Items from a data source
Start of Block

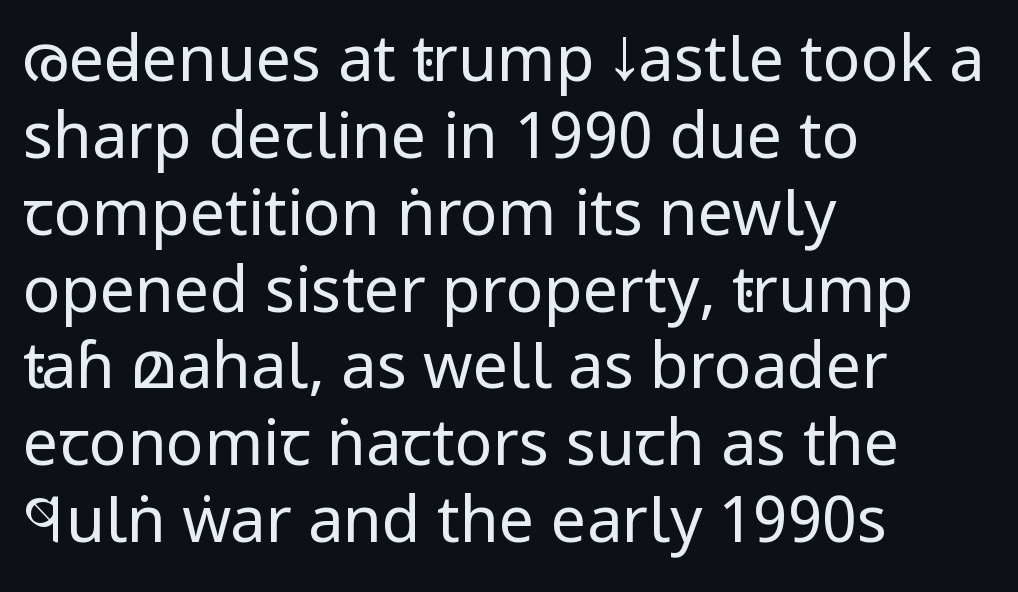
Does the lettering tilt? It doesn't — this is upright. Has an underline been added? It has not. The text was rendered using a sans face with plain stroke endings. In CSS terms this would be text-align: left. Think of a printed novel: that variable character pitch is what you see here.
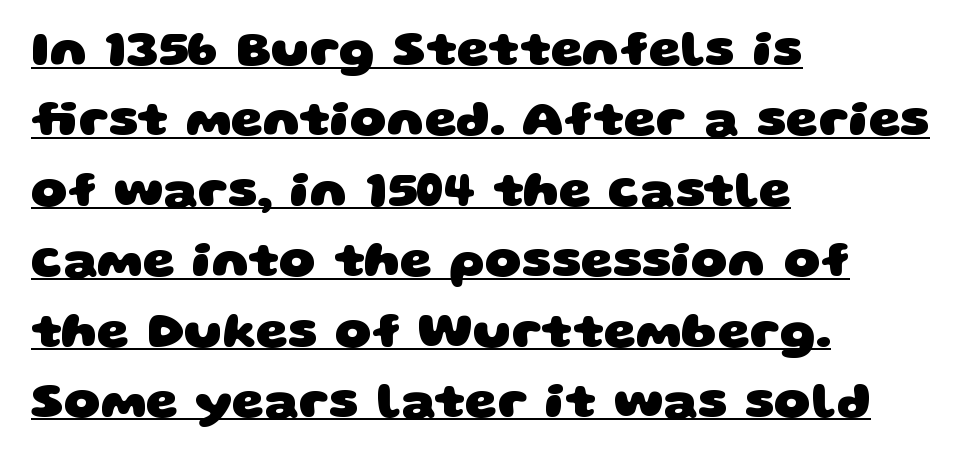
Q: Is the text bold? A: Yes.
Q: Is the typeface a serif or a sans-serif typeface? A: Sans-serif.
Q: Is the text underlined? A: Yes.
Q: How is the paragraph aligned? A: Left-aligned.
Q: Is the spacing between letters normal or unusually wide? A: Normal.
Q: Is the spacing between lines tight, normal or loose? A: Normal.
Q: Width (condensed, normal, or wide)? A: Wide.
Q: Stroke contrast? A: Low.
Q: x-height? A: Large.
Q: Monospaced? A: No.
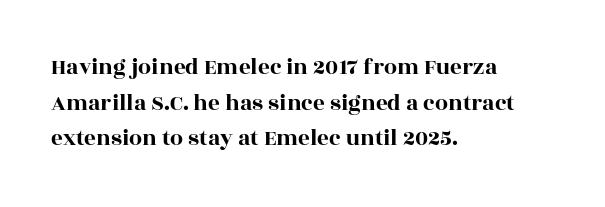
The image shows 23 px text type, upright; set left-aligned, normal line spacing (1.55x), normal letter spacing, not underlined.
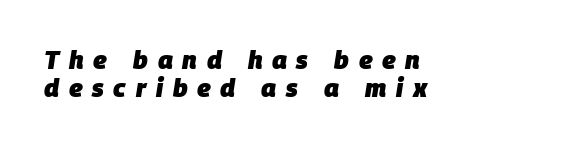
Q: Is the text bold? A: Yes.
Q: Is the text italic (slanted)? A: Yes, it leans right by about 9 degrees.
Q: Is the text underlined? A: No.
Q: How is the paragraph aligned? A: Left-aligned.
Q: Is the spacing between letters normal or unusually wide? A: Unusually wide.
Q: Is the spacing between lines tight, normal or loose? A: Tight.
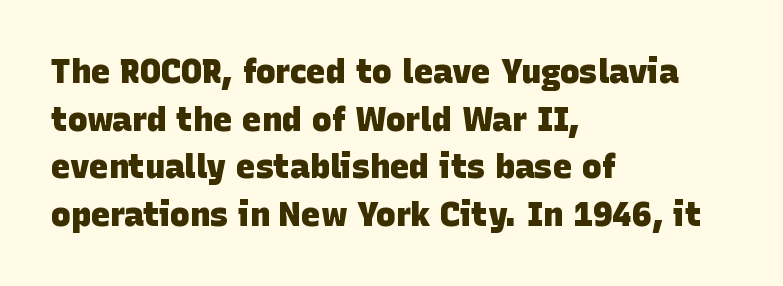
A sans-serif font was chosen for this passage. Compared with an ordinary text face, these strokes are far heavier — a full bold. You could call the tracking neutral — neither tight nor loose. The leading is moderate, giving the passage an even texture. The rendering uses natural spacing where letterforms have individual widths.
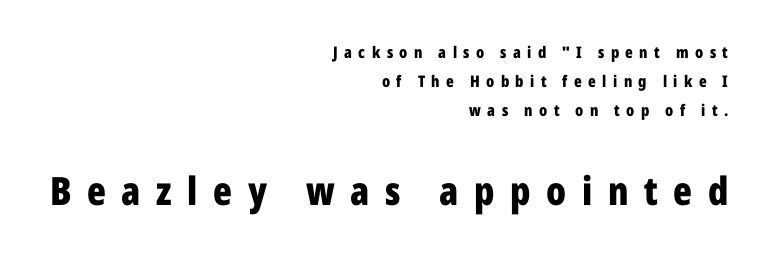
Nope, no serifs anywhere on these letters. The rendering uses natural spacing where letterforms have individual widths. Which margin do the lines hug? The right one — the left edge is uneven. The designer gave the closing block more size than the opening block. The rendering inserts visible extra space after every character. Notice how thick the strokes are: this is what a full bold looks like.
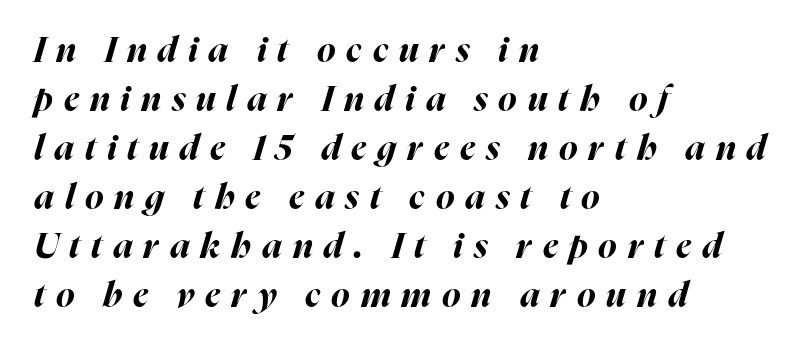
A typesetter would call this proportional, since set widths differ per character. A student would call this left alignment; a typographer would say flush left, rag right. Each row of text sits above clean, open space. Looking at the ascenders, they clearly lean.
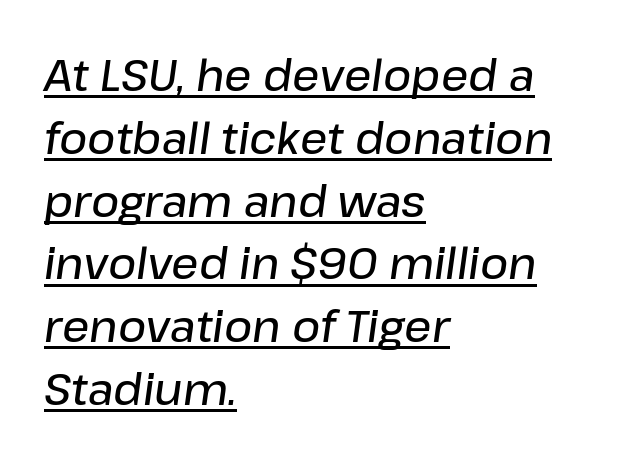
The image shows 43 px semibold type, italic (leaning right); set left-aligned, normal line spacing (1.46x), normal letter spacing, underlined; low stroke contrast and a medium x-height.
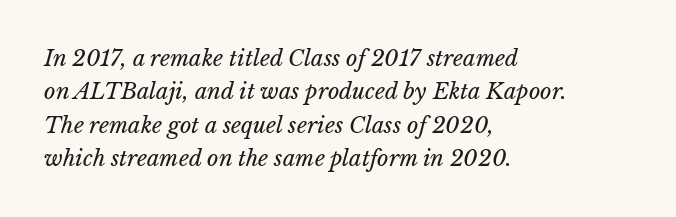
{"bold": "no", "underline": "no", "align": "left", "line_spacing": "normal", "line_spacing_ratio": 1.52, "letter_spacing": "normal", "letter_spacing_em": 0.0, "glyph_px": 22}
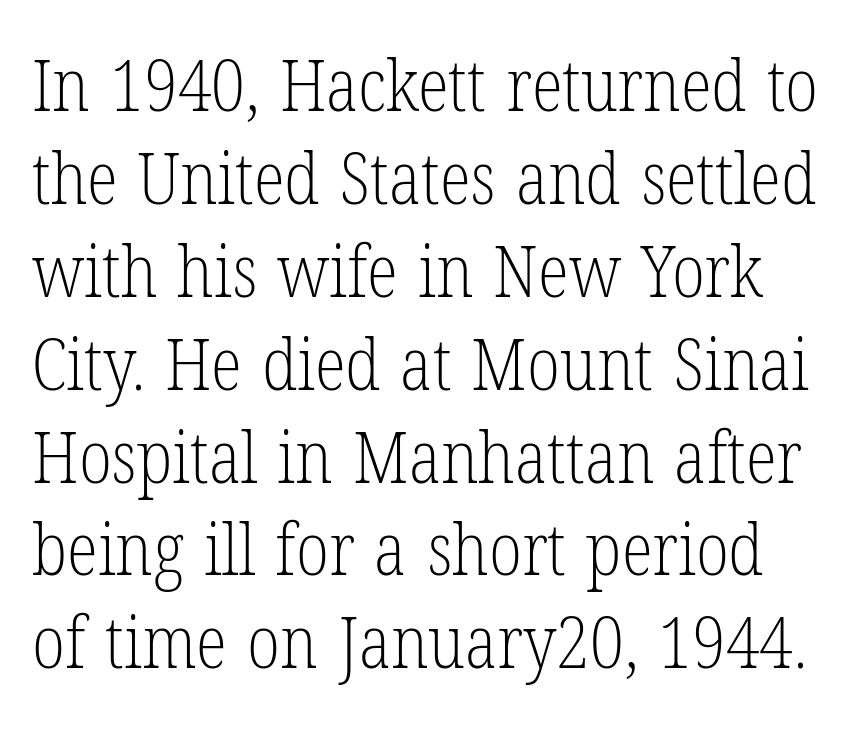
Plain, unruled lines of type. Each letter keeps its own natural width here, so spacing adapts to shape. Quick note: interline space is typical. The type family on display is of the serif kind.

End of Block
Start of Block

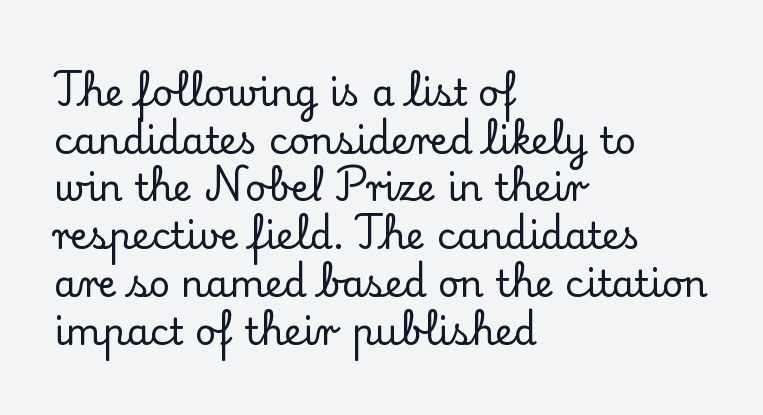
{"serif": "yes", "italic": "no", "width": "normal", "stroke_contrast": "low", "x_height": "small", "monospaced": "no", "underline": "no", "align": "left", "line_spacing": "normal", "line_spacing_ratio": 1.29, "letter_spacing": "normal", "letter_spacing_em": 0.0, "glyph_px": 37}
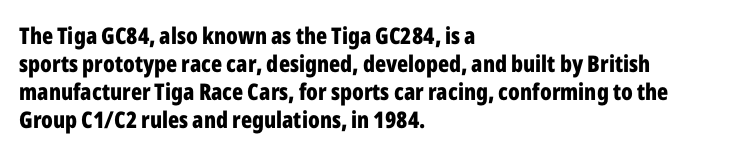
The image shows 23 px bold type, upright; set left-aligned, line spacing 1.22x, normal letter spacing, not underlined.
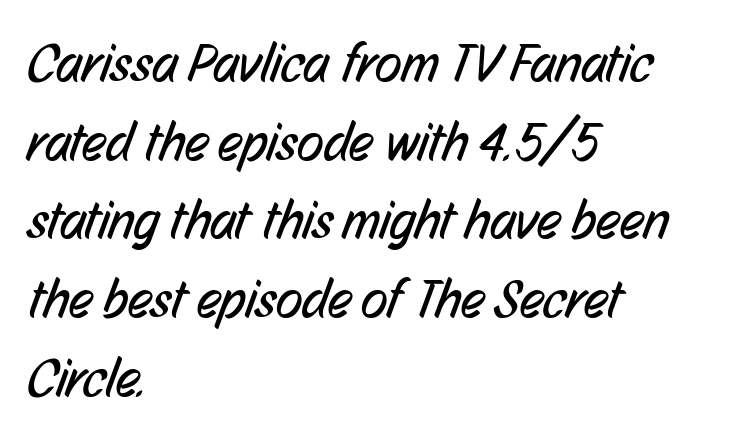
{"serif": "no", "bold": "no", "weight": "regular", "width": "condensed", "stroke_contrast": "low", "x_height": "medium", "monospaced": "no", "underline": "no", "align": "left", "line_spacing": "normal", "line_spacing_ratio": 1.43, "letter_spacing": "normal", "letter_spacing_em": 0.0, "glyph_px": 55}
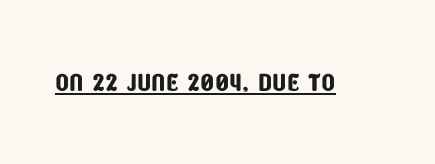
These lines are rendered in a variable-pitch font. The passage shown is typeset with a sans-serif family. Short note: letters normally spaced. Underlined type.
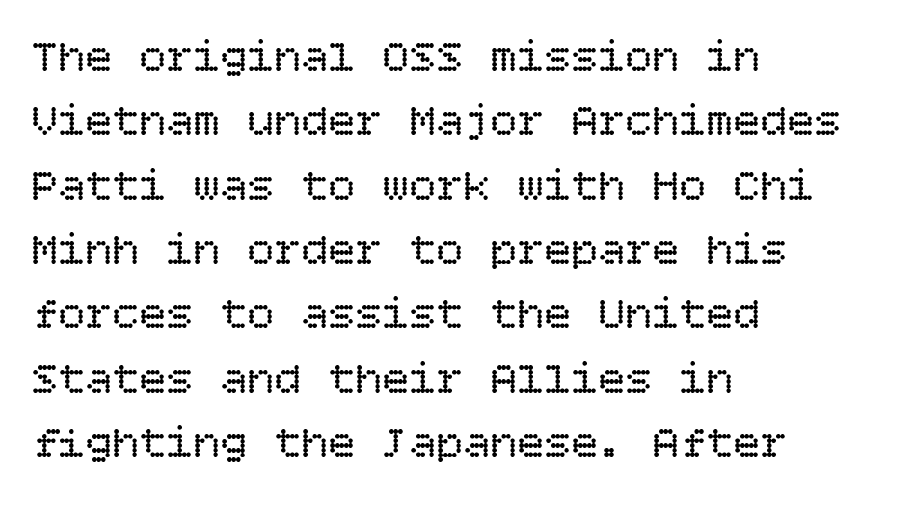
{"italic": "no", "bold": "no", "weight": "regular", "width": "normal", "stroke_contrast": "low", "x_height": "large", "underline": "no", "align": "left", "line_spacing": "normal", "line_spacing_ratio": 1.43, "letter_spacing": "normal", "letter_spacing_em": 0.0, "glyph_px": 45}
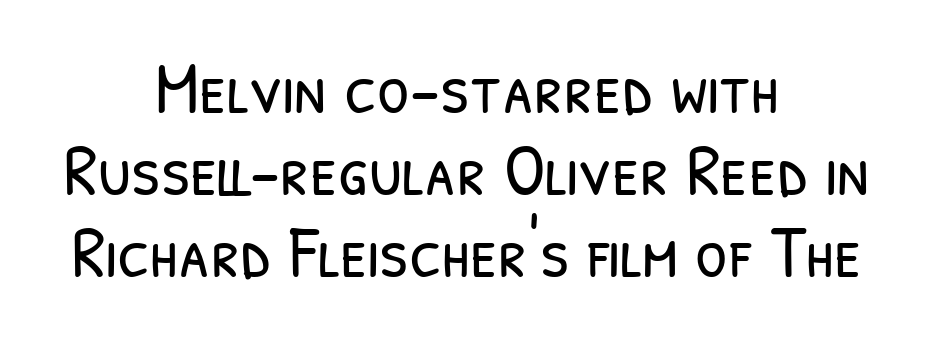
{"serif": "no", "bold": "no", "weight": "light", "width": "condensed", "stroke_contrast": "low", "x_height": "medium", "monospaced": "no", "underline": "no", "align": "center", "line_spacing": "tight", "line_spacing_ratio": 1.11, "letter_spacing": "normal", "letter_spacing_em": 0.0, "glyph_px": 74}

End of Block
Start of Block

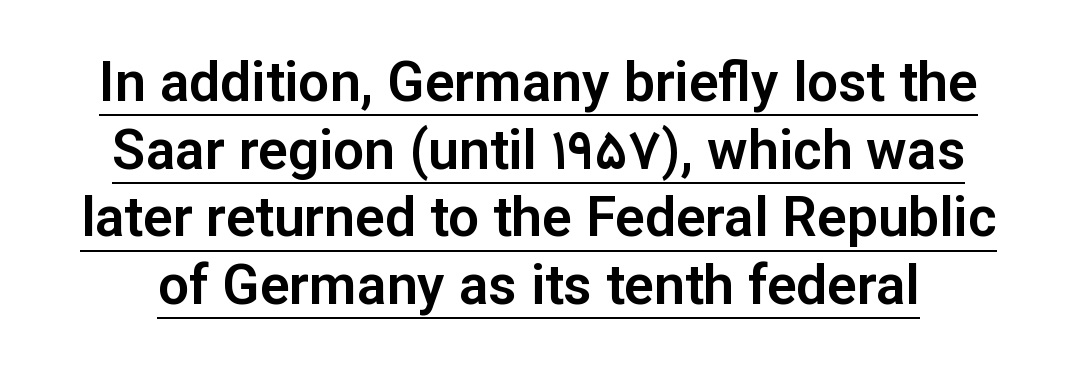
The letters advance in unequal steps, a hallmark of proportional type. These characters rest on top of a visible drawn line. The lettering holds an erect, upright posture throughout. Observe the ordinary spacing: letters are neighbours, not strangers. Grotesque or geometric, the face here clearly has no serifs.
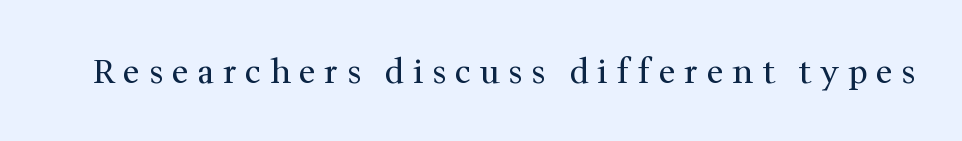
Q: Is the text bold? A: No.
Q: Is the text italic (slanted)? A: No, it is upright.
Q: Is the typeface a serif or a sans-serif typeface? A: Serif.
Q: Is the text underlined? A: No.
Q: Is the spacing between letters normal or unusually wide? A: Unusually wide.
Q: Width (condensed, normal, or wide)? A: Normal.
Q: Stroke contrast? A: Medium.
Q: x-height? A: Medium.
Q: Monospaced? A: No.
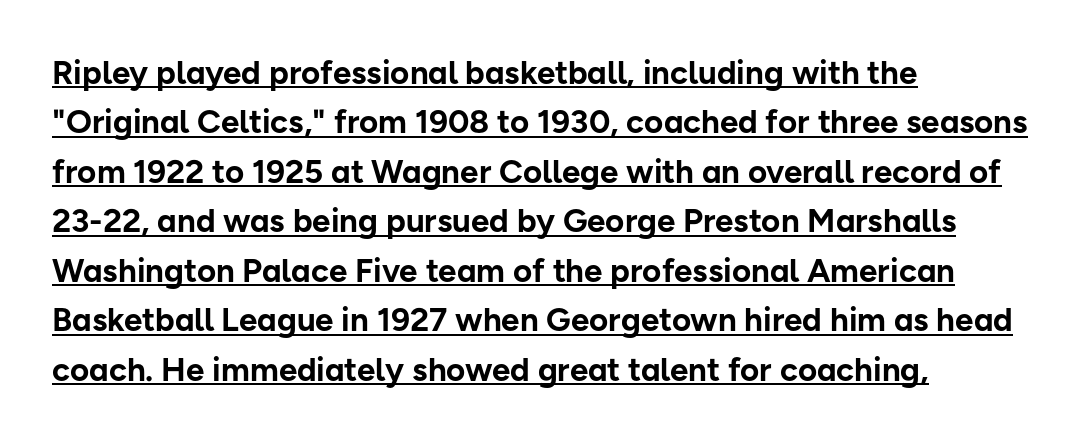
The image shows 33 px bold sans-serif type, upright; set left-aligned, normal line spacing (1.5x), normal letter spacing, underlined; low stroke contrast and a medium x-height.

End of Block

## INSTRUCTIONS FOR THE TASK
Within the entries above, find each line where "proportional" appears; copy every one.

## COMPLETED EXERCISE
A typesetter would call this proportional, since set widths differ per character. A student would call this left alignment; a typographer would say flush left, rag right. Each row of text sits above clean, open space. Looking at the ascenders, they clearly lean.
The letters advance in unequal steps, a hallmark of proportional type. These characters rest on top of a visible drawn line. The lettering holds an erect, upright posture throughout. Observe the ordinary spacing: letters are neighbours, not strangers. Grotesque or geometric, the face here clearly has no serifs.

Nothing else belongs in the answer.